The Institute advise that “while there are many opportunities to be physically active every day, our social, environmental and cultural context - as well as the settings in which we live, work and play - are important determinants of physical activity participation.”
Physical activity across the life stages identifies that four in 10 adults reported “not enough time or too many other commitments” as the main barriers to participating in sport or recreational physical activities.
As age increased, “poor health” or injury was more frequently cited as the main barrier.
It also identified that participation rates varied across socioeconomic groups, particularly among adults, with those in the highest socioeconomic group more likely to meet physical activity guideline, compared with those in the lowest socioeconomic group.
Indigenous children were also more active than non-Indigenous children
Encouraging Australians to participate in more physical activity, Exercise and Sports Science Australia (ESSA) Chief Executive Anita Hobson-Powell commented “while opportunities exist to be physically active every day, our social and environmental settings in which we live, work and play can affect our participation levels and create barriers.”
Commenting on screen-based activity as being an ongoing barrier for children meeting physical activity guidelines, Hobson-Powell added “although a high percentage of children are exceeding the recommended amount of screen-based activity time, adolescent boys aged 13 - 17 were the least likely to meet these guidelines.
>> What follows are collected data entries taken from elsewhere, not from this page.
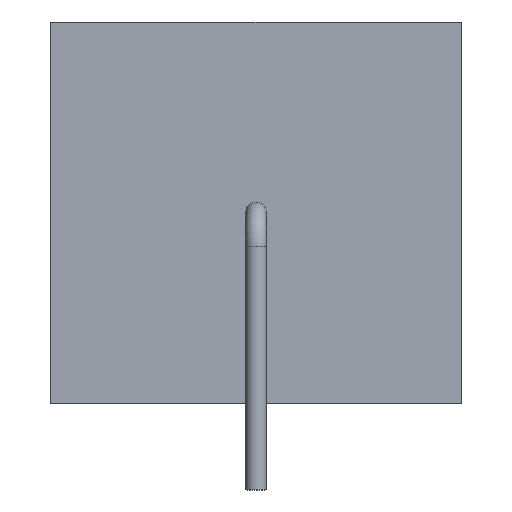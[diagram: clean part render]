
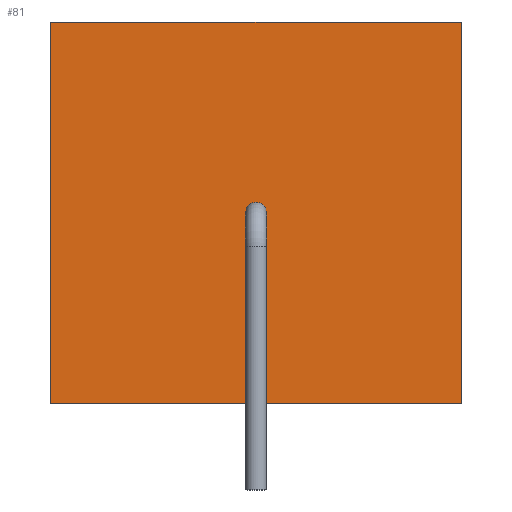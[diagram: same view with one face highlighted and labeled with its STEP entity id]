
A CAD part, left-side view. The second image highlights one B-rep face of the part: STEP entity #81.
In plain terms, the highlighted planar face has unit normal (-1, 0, 0).
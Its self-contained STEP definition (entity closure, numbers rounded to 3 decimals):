
#81=ADVANCED_FACE('',(#107),#97,.T.);
#97=PLANE('',#240);
#107=FACE_OUTER_BOUND('',#117,.T.);
#117=EDGE_LOOP('',(#148,#149,#150,#151));
#148=ORIENTED_EDGE('',*,*,#202,.F.);
#149=ORIENTED_EDGE('',*,*,#201,.F.);
#150=ORIENTED_EDGE('',*,*,#203,.T.);
#151=ORIENTED_EDGE('',*,*,#193,.T.);
#176=VERTEX_POINT('',#325);
#178=VERTEX_POINT('',#328);
#182=VERTEX_POINT('',#340);
#183=VERTEX_POINT('',#342);
#193=EDGE_CURVE('',#178,#176,#213,.T.);
#201=EDGE_CURVE('',#183,#182,#221,.T.);
#202=EDGE_CURVE('',#182,#176,#222,.T.);
#203=EDGE_CURVE('',#183,#178,#223,.T.);
#213=LINE('',#327,#225);
#221=LINE('',#343,#233);
#222=LINE('',#345,#234);
#223=LINE('',#346,#235);
#225=VECTOR('',#264,1.);
#233=VECTOR('',#276,1.);
#234=VECTOR('',#279,1.);
#235=VECTOR('',#280,1.);
#240=AXIS2_PLACEMENT_3D('',#347,#281,#282);
#264=DIRECTION('',(0.,0.,-1.));
#276=DIRECTION('',(0.,0.,-1.));
#279=DIRECTION('',(0.,1.,0.));
#280=DIRECTION('',(0.,1.,0.));
#281=DIRECTION('',(-1.,0.,0.));
#282=DIRECTION('',(0.,-1.,0.));
#325=CARTESIAN_POINT('',(0.,14.5,0.));
#327=CARTESIAN_POINT('',(0.,14.5,13.5));
#328=CARTESIAN_POINT('',(0.,14.5,13.5));
#340=CARTESIAN_POINT('',(0.,0.,0.));
#342=CARTESIAN_POINT('',(0.,0.,13.5));
#343=CARTESIAN_POINT('',(0.,0.,13.5));
#345=CARTESIAN_POINT('',(0.,0.,0.));
#346=CARTESIAN_POINT('',(0.,0.,13.5));
#347=CARTESIAN_POINT('',(0.,0.,13.5));

“This is despite participation in physical activity being similar between adolescent boys and girls as 85% of 13 17 year old boys did not meet this guideline, compared with 74% of adolescent girls.”
Key statistics from the Physical activity across the life stages report include:
• 30% of children aged two to 17 years and 44% of adults aged 18 and over met the physical activity guideline.
• More Indigenous children aged five to 17 year met the physical activity guideline than non-Indigenous children aged five to 17.
• Six in 10 (60%) Australians aged 18 to 64 in the highest socioeconomic group met the physical activity guideline, compared to only 37% in the lowest socioeconomic group.
• 48% of adults aged 18 to 64 met the physical activity guideline and 24% met the strength-based activity guideline.
• One in four (25%) adults aged 65 and over did 30 minutes of physical activity on five or more days.
Physical activity across the life stages presents information on Australians’ physical and sedentary activity participation rates against the Guidelines. It presents information across different population groups, including by Indigenous status, remoteness, socioeconomic groups and sex, and considers the barriers to physical activity across the life stages.